The family or constituents, or “heirs,” never returned to or took personal actual possession of the land or any part of it.

During the lifetime of Mr. English the character, location, and nature of the improvements (i. e., fences and house, etc.), and the manner and extent of use and cultivation remained as they were in and prior to 1890, except for deterioration of improvements.

The tract, improvements, etc., were “vacant” of actual occupation from the time the family left in 1916 until some undisclosed date after Mr. English’s death. Cole (or Combs), with permission of the “heirs” or some of them, occupied the premises for about a year in 1917-1918.

Amey moved into the neighborhood in 1916. In June, 1918, the condition of the property was such as to make him think, he said, that anybody might take it and use it. He moved in and began occupation without “anybody’s permission” and stayed until [733]*733February, next. Mrs. Cox, purporting to act as agent for tbe “heirs” and with authority of some of them, appeared in January and told Arney to vacate. He prepared to do so, but before he got away Mrs. Cox brought suit for his ouster. He described the condition of the property (when he took possession):

“There were no fences to amount to anything; there had been some old fences, but they were all about down; the house was in pretty bad condition; it had no windows and a part of the floor was out.”

At a subsequent date Sims (who had resided in the neighborhood and had known Mr. English for thirty years) took possession of the eastern part of the tract (including the whole or part of the portion now in controversy) and continued its use up to the time of the trial.
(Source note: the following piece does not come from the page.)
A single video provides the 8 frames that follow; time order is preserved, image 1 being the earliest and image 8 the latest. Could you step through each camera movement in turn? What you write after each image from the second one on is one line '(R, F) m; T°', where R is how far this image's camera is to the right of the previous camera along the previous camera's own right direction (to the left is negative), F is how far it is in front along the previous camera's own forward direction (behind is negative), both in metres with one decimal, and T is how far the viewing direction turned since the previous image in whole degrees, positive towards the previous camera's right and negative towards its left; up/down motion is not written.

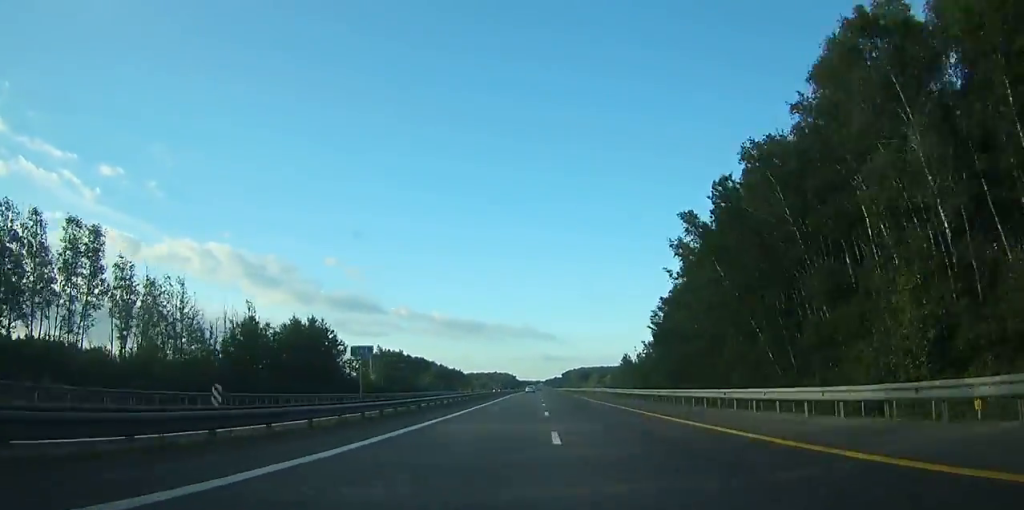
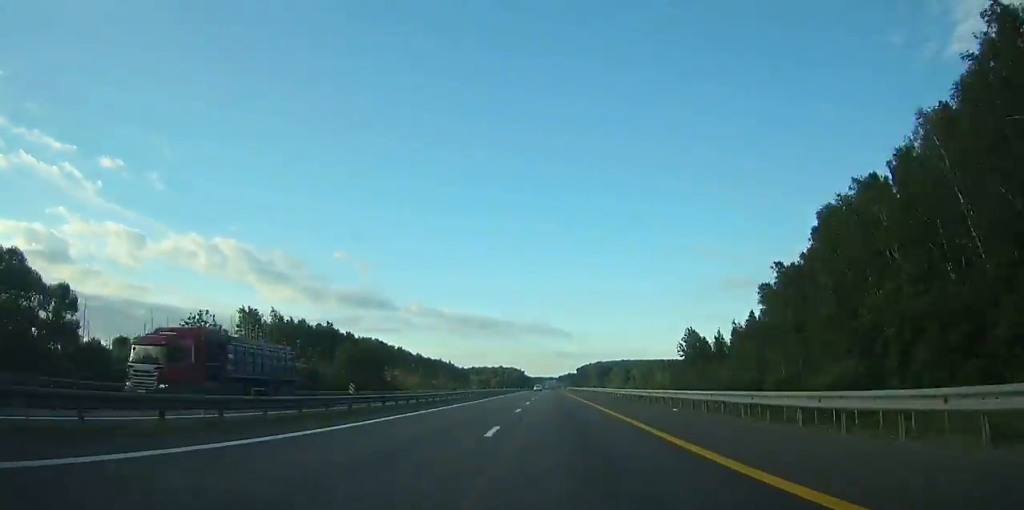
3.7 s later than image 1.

He “rented” the “West half,” with the “house,” from Mrs. Cox in 1923, and still occupies it. He said:

“I just rented the house from Mrs. Cox. When I went there I hadn’t rented the other from anybody, and I haven’t rented the other part from any body since.” “When he went there,” he said, “there was no fence * * * at all”; “there was an old piece of fence around the whole tract, but I would not call it a fence— it marked the line, but it was all down.”

Rodgers, it will be recalled, testified that his son “ran a fence in the ten-foot strip.” Sims referred to that incident in this wise:

“Mr. Rodgers’ son put one wire across about one hundred yards. He done that about five or six months ago. [The trial was in January, 1926.] I went out and protested. I was out there with him. I said, ‘Who does this property belong to?’ and he said it belonged to him. * * * Rodgers said it was his and that his lawyer advised him to put a fence across there.”